Even if such small sections would be an improvement (quite plausible, though not necessarily true), would the improvement be substantial enough to justify all of these costs? Put more starkly, would you be willing to see your tuition go up *A LOT* in order to handle all of these costs? Would Columbia be able to compete for the best undergrads if its tuition were dramatically higher than what its peers charge? And let’s not even get into how it would come up with enough financial aid to offset these costs for poorer students.
@easy Richard Bulliet boasts of being able to teach all four core classes. we could just clone him 100 times…
@well I’d send those 100 clones directly to Tehran.
@You You would have to find suppress the gene that causes all those weird hairs to grow in weird places on his face. I find him hard to look a up close
@8 per class Yeah… They’d have to get College seniors to volunteer to teach Lit Hum. lol.
@chill “Some gigantic douche changes the subject before Bollinger has a chance to respond to say that he is very concerned with the “Lack of court space for pickup basketball,” describing a time when he tried to play pickup basketball and the baseball team was practicing on the court. He brings up what he refers to as “all sorts of non-basketball related activities” overtaking the basketball space. The class laughs, and silently hates him.”
This is false. There were other complaints about the Athletics Dept. in general.
@green anonymous…hmm…i won’t belabor the pitifully obvious. i hope prezbo is impressed w/ your note taking efforts and generosity.

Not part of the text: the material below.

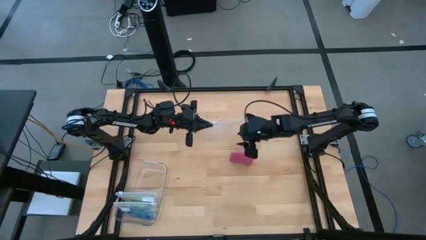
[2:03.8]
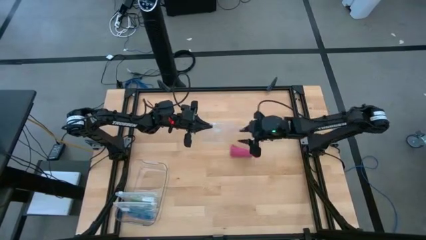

sorry. all quips aside, thanks for sharing. study abroad for three days** is a swell idea if it’s on prezbo’s tab. ughh
@ohforgodsake Is this the same guy who was horribly offended by someone quoting Bruce Robbins in his lecture?
Give it a break. This “anonymous bwog correspondant” had an opinion, but managed to express it politely. And Lee Bollinger chose to start this conversation in a class of his that has a good number of people, probably with a fair number of computers as well. Chances were, somebody was going to take notes on the event, and everybody was going to remember it. This would have gotten out somehow.
And Bwog is a self-proclaimed “gossip rag.” Why should it care what was or was not intended to be off the record? It’s just reporting what it hears, and it was lucky enough to hear this.
@This smacks so much of Catherine the Great’s tour of the peasant countryside.
@poor analogy, idiot unless we presume that all the students in the class were coached to behave as though in a figurative potemkin village (i.e., act like everything at columbia is wonderful), it seems like bollinger got to hear valid, largely unfiltered concerns. whether he chooses to do anything about them is another matter, i realize, but he at least appears to making an effort.
@typo *to be making
@... wouldn’t what goes on in his class be off the record, Bwog?
no respect
@Nice This is why PrezBo is awesome. Now, hopefully he’ll do something about it.